Parece evidente que na incapacidade de resolver um problema de maneira mais construtiva e racional, ativamos a culpa sem sequer nos perguntarmos o que vem depois dessa atitude. Será que quando culpabilizamos – e quando fazemos só isso – estamos de fato combatendo algo ou alguém efetivamente? Encontrar a suposta causa culpada e nisso criar diferentes explicações de porque a culpa lhe é atribuída, resolve o que estamos problematizando? Quando culpamos os/as brancos/as pelo complexo de superioridade e pela desigualdade histórica disso resultante; quando culpamos a “estrutura social” por ser demasiadamente sexista e heteronormativa, avivando todos os seus demônios como a masculinidade tóxica, a homofobia e o feminicídio; quando culpamos os alemães pelo nazismo; e, não menos grave, quando culpabilizamos a dita “natureza humana” como a responsável por incontáveis e reincidentes mazelas cometidas entre gentes e gentes, nação e nação; quando fazemos tudo isso pela perspectiva da culpa, estamos atacando o problema em seu cerne? Responda para si! Ou estaríamos, na verdade, direcionando nossos olhares para o que está acontecendo, ou, na melhor das ingenuidades, estamos olhando apenas para o que aconteceu, sem necessariamente buscar uma solução pragmática do problema? Fechar uma discussão no aspecto da culpa pode ser, neste momento, uma maneira de esquecer o que está de fato envolvido na problemática e, quando não, encerrar aí uma luta legítima. Se achamos seus culpados e os punimos, tudo está resolvido?

Nesse sentido, raramente olha-se para o gérmen, para a semente, para a origem do problema. Em muitos sistemas políticos (e sem dúvidas inclui-se aqui o sistema religioso), salvaguardar um ser culpado permite simultaneamente não aprofundar-se nas causas de certas desordens; antes, o fenômeno da culpabilização compulsiva consegue reunir em torno de um objeto-alvo, ou de um bode expiatório, determinados aliados, como se se seguisse um certo algoritmo: encontre um objeto-alvo, culpe-o de supostos crimes ou desvios, transforme-o num inimigo em comum, espalhe o medo da ameaça para os arredores, recrute núcleos aliados e nascerá um novo motivo de guerra. Ainda arrisco dizer que boa parte da genealogia da moral humana encontra-se alicerçada da ideia de culpa.

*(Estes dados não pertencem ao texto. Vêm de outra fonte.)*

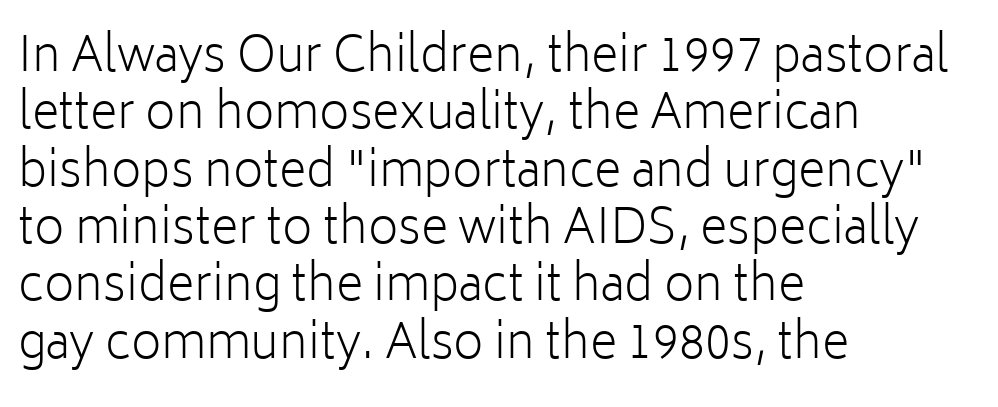
The image shows 47 px light sans-serif type, upright; set left-aligned, line spacing 1.22x, normal letter spacing, not underlined; low stroke contrast and a medium x-height.
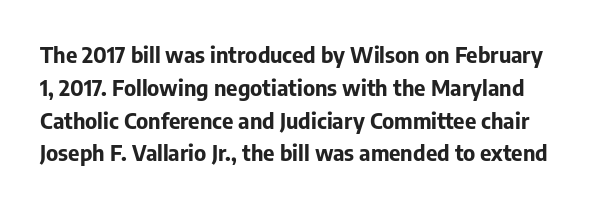
Q: Is the text bold? A: Yes.
Q: Is the text italic (slanted)? A: No, it is upright.
Q: Is the text underlined? A: No.
Q: Is the spacing between letters normal or unusually wide? A: Normal.
Q: Is the spacing between lines tight, normal or loose? A: Normal.
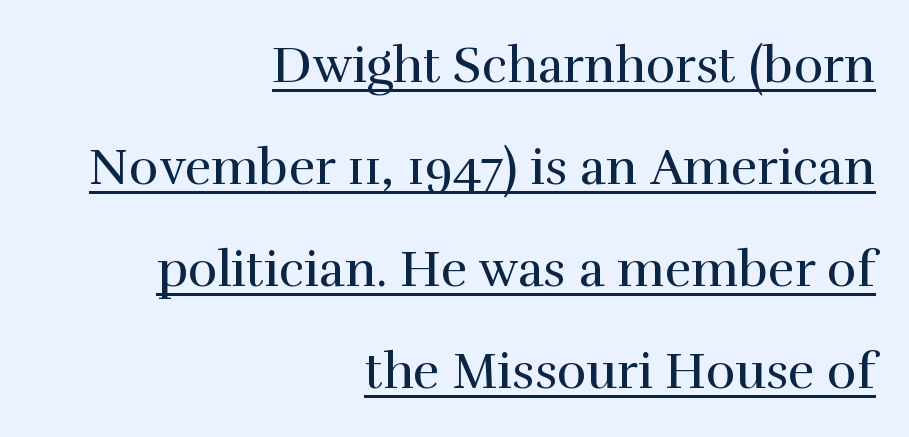
The typesetter chose a ragged-left arrangement here. Varying glyph widths throughout — classic text-font behaviour. Every stem runs plumb, perpendicular to the baseline. Font category for this specimen: serif.
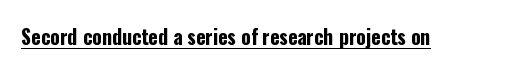
The image shows 20 px bold type, upright; set normal letter spacing, underlined.
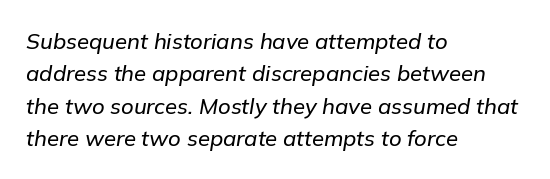
The image shows 22 px text type, italic (leaning right); set left-aligned, normal line spacing (1.47x), normal letter spacing, not underlined.
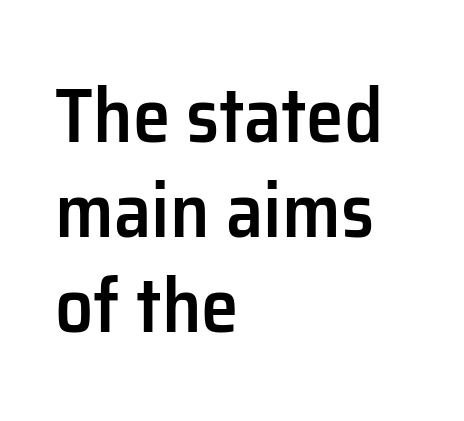
The rendering uses natural spacing where letterforms have individual widths. The lines sit at an ordinary, default distance from one another. The letters sit at their default tracking, neither squeezed nor spread. Which margin do the lines hug? The left one — the right edge is uneven.
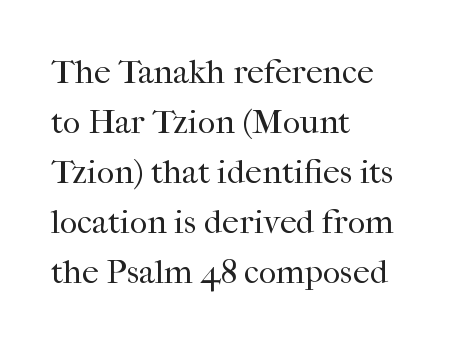
The image shows 34 px regular-weight serif type, upright; set left-aligned, normal line spacing (1.47x), normal letter spacing, not underlined; high stroke contrast and a medium x-height.
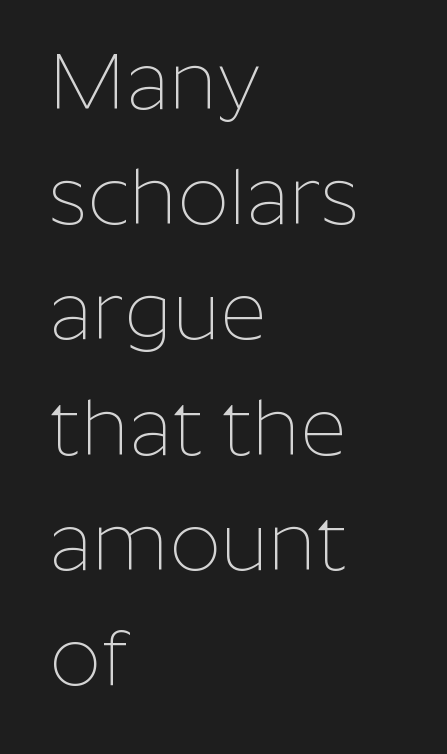
Q: Is the text bold? A: No.
Q: Is the text italic (slanted)? A: No, it is upright.
Q: Is the typeface a serif or a sans-serif typeface? A: Sans-serif.
Q: Is the text underlined? A: No.
Q: How is the paragraph aligned? A: Left-aligned.
Q: Is the spacing between letters normal or unusually wide? A: Normal.
Q: Is the spacing between lines tight, normal or loose? A: Normal.
Q: Width (condensed, normal, or wide)? A: Normal.
Q: Stroke contrast? A: Low.
Q: x-height? A: Medium.
Q: Monospaced? A: No.
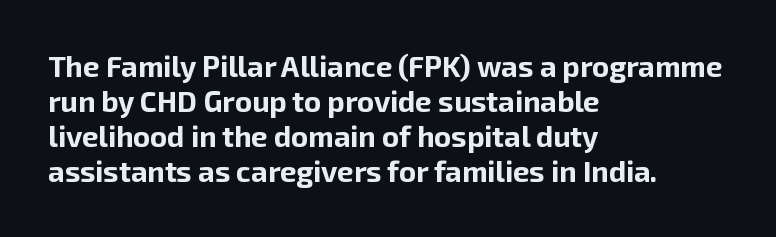
Rule under the text: the space is simply empty. Short and long lines alike share a common starting point at left. The glyphs in this specimen are sans serif. Plenty of ink on the page — the face is bold. The type is set solid horizontally, with unmodified tracking. The rendering uses natural spacing where letterforms have individual widths.

Mas será que esse percurso nos trilhos da culpa é eficiente como um todo? Quando se encerra um caso destacando a culpabilização, não seria isso mais próximo de criar novos problemas sem haver resolvido o antigo? Depois de tantas acusações aos comportamentos humanos, quantos deles seguem a todo vapor sendo reproduzidos no cotidiano dos indivíduos que, por se sentirem na honra de encontrar e punir o agente culpado, acabam por acreditar que a perturbação de fato foi resolvida? Quantos de nós dormimos satisfeites quando um acusado é reconhecido culpado, desconhecendo [“ingenuamente”] que as questões que originaram aquela acusação se repetem nos recônditos sutis da humanidade? Enquanto não pensarmos pela perspectiva do quê causa o problema e enquanto não buscarmos por um meio efetivo de abordar questões (sem precisar pegar o bonde da culpa), seremos criaturas iludidas e donas de fantasias que fazem necessária a invenção do diabo como o responsável pelos males humanos, em vez de ver-se como um reprodutor/a de atitudes repudiáveis que precisam ser trabalhadas. Ou, num uso ainda mais comum, seguiremos dizendo que “a culpa é do Governo”, ou que “o ser humano foi sempre assim, não tem jeito” – e seguiremos culpando a História.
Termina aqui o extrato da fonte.